→ Task requirements
Reproduce the listing that follows character for character, excluding its pictures.

→ Listed entries
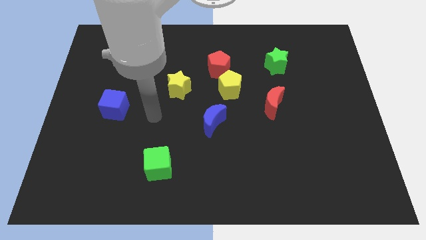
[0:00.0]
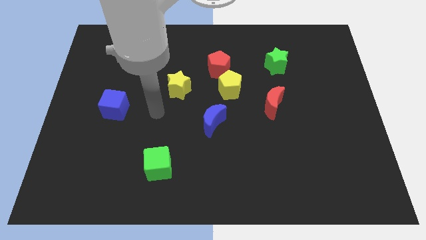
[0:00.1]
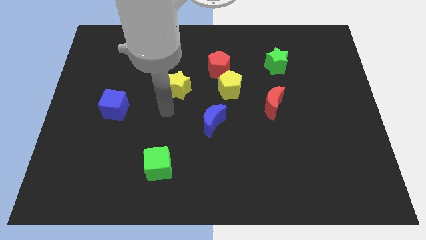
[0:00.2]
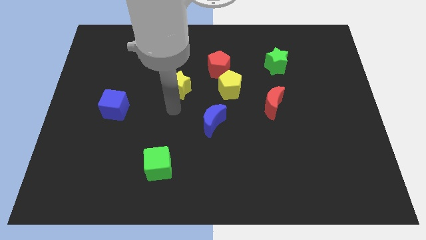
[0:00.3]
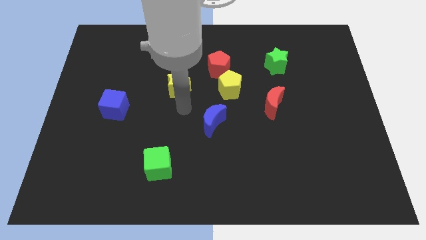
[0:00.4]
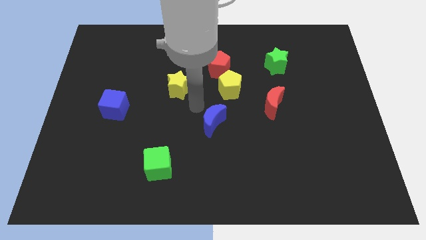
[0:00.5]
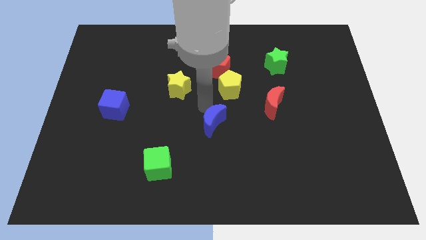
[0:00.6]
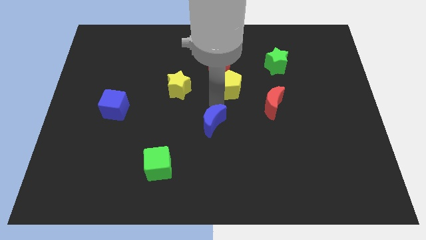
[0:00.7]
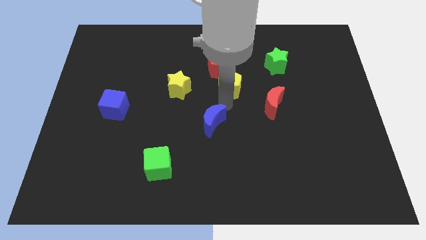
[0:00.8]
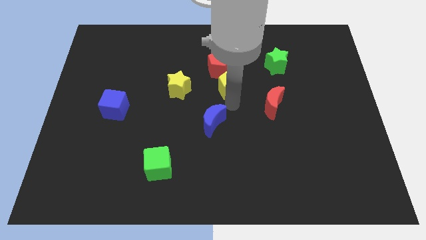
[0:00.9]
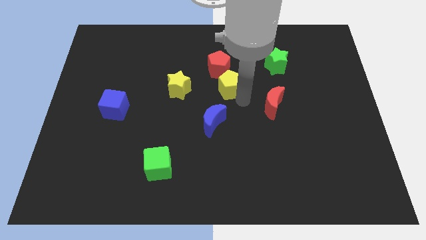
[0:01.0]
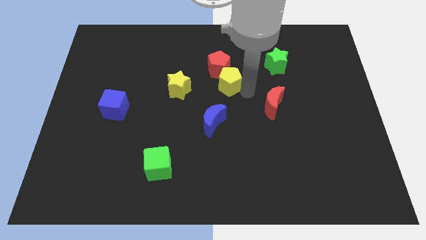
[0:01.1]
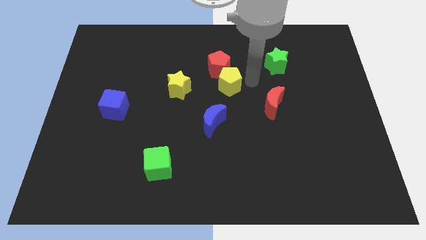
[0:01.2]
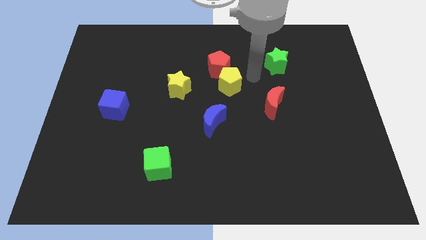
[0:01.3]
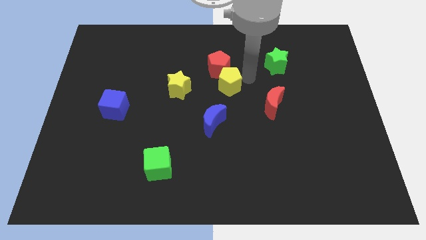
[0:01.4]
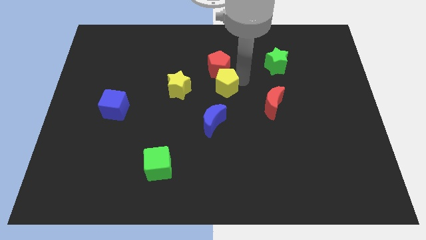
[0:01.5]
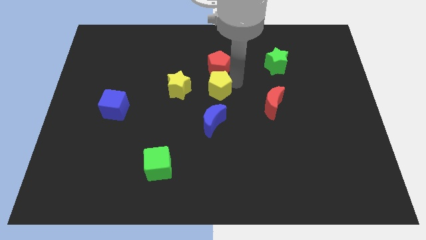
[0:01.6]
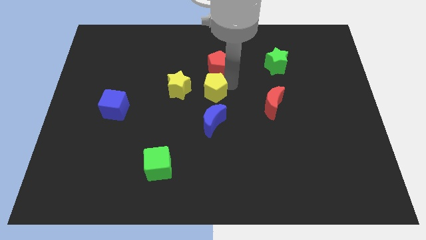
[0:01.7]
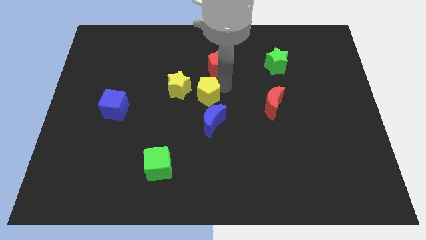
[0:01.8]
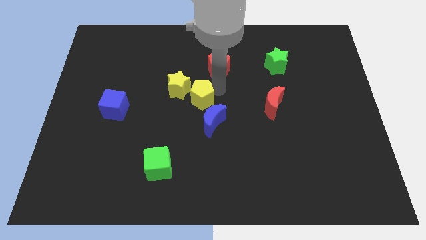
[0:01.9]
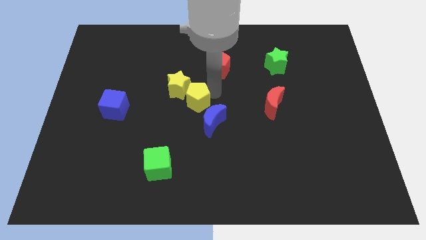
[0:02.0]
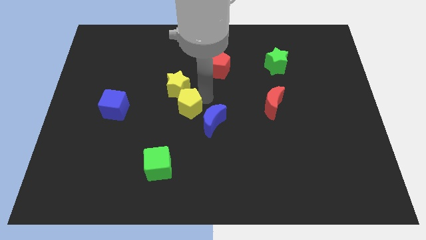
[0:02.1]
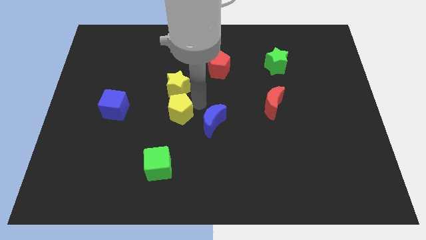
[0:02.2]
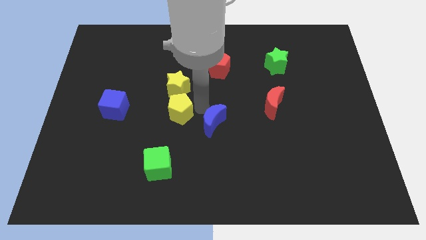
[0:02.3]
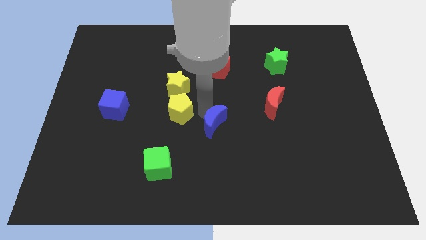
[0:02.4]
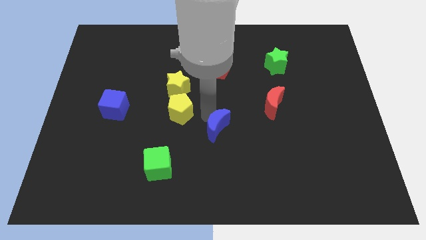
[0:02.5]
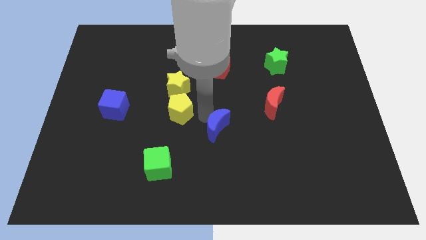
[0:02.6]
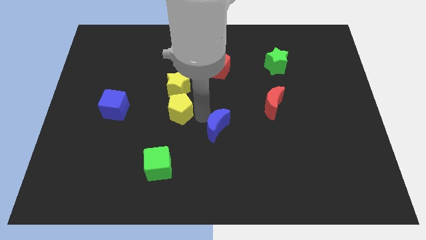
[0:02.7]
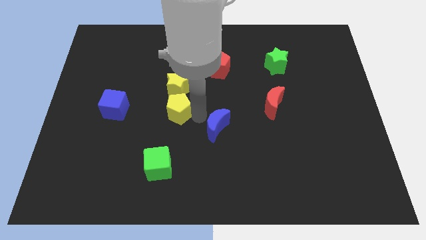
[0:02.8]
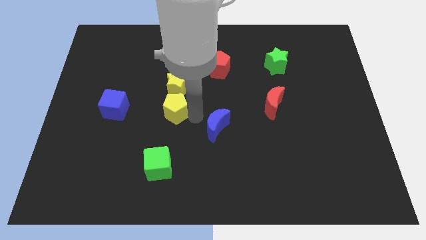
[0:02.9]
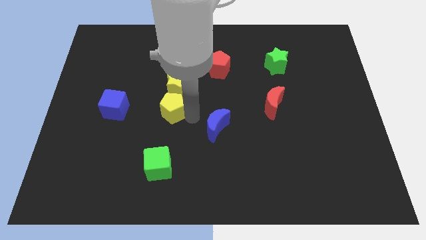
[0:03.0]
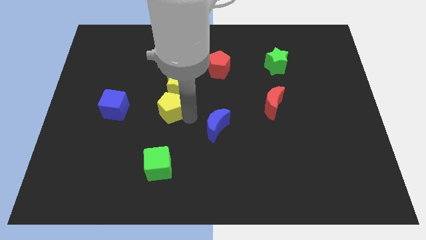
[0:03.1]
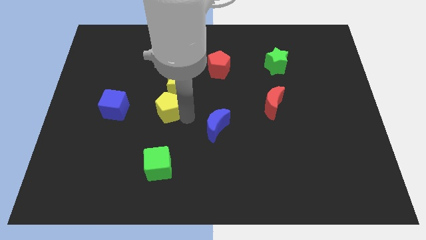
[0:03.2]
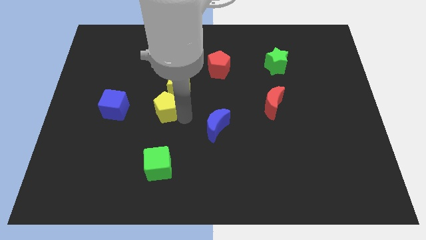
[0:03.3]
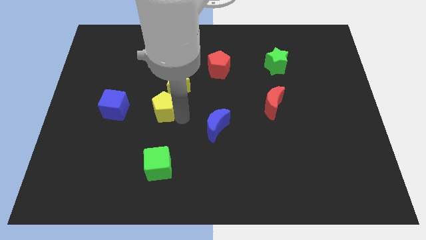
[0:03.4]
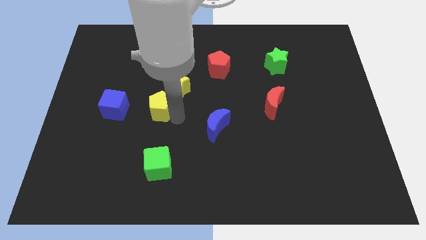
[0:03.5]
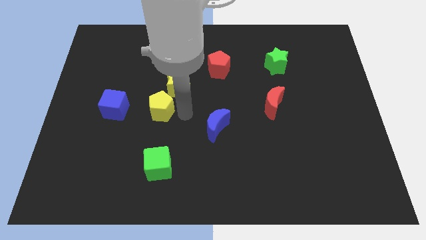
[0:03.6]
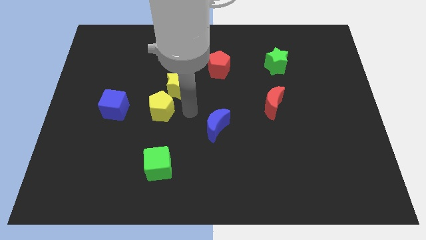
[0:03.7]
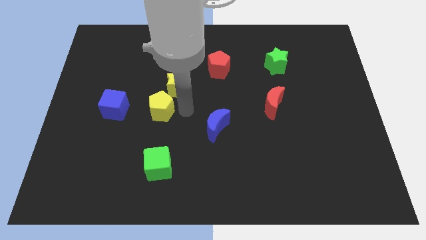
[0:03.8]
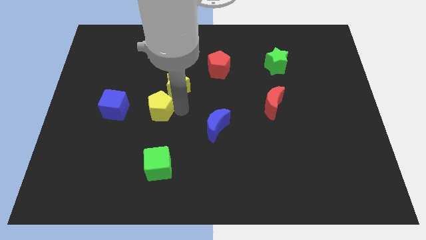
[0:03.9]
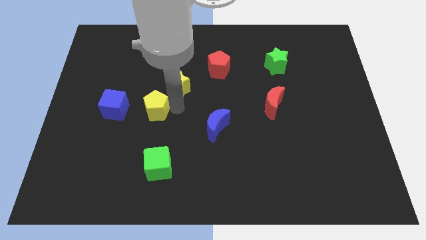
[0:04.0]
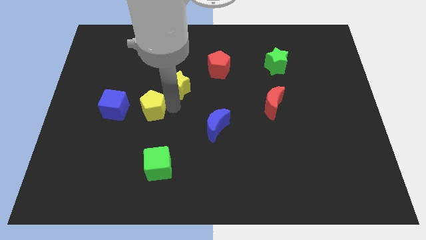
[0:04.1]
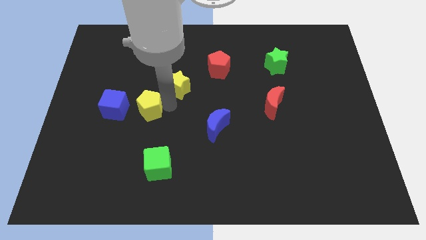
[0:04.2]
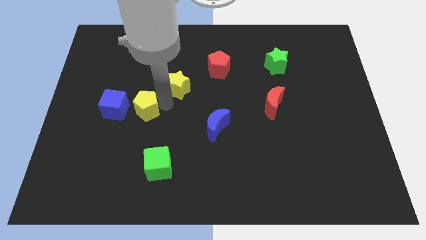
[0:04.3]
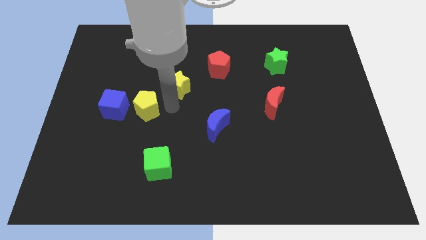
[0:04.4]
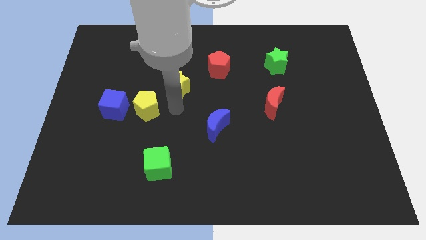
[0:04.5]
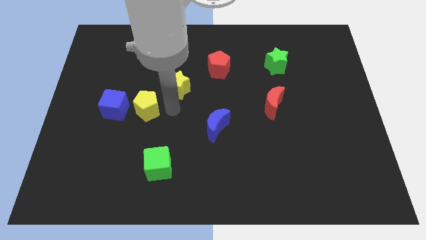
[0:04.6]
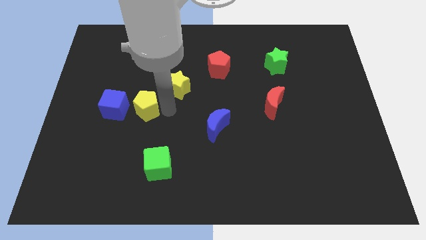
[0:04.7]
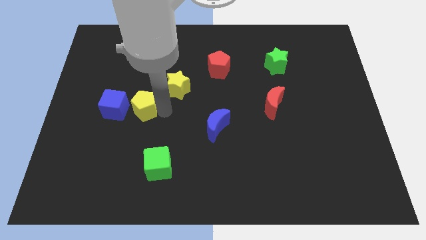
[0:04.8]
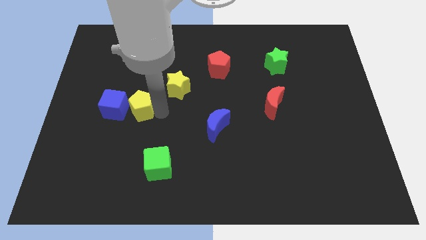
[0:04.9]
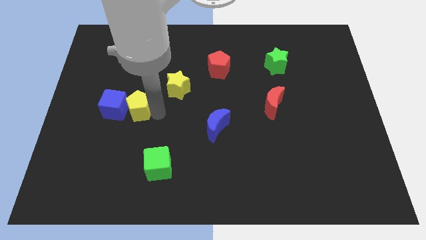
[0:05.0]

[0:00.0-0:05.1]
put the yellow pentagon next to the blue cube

→ Answer to the problem
[0:00.0]
[0:00.1]
[0:00.2]
[0:00.3]
[0:00.4]
[0:00.5]
[0:00.6]
[0:00.7]
[0:00.8]
[0:00.9]
[0:01.0]
[0:01.1]
[0:01.2]
[0:01.3]
[0:01.4]
[0:01.5]
[0:01.6]
[0:01.7]
[0:01.8]
[0:01.9]
[0:02.0]
[0:02.1]
[0:02.2]
[0:02.3]
[0:02.4]
[0:02.5]
[0:02.6]
[0:02.7]
[0:02.8]
[0:02.9]
[0:03.0]
[0:03.1]
[0:03.2]
[0:03.3]
[0:03.4]
[0:03.5]
[0:03.6]
[0:03.7]
[0:03.8]
[0:03.9]
[0:04.0]
[0:04.1]
[0:04.2]
[0:04.3]
[0:04.4]
[0:04.5]
[0:04.6]
[0:04.7]
[0:04.8]
[0:04.9]
[0:05.0]

[0:00.0-0:05.1]
put the yellow pentagon next to the blue cube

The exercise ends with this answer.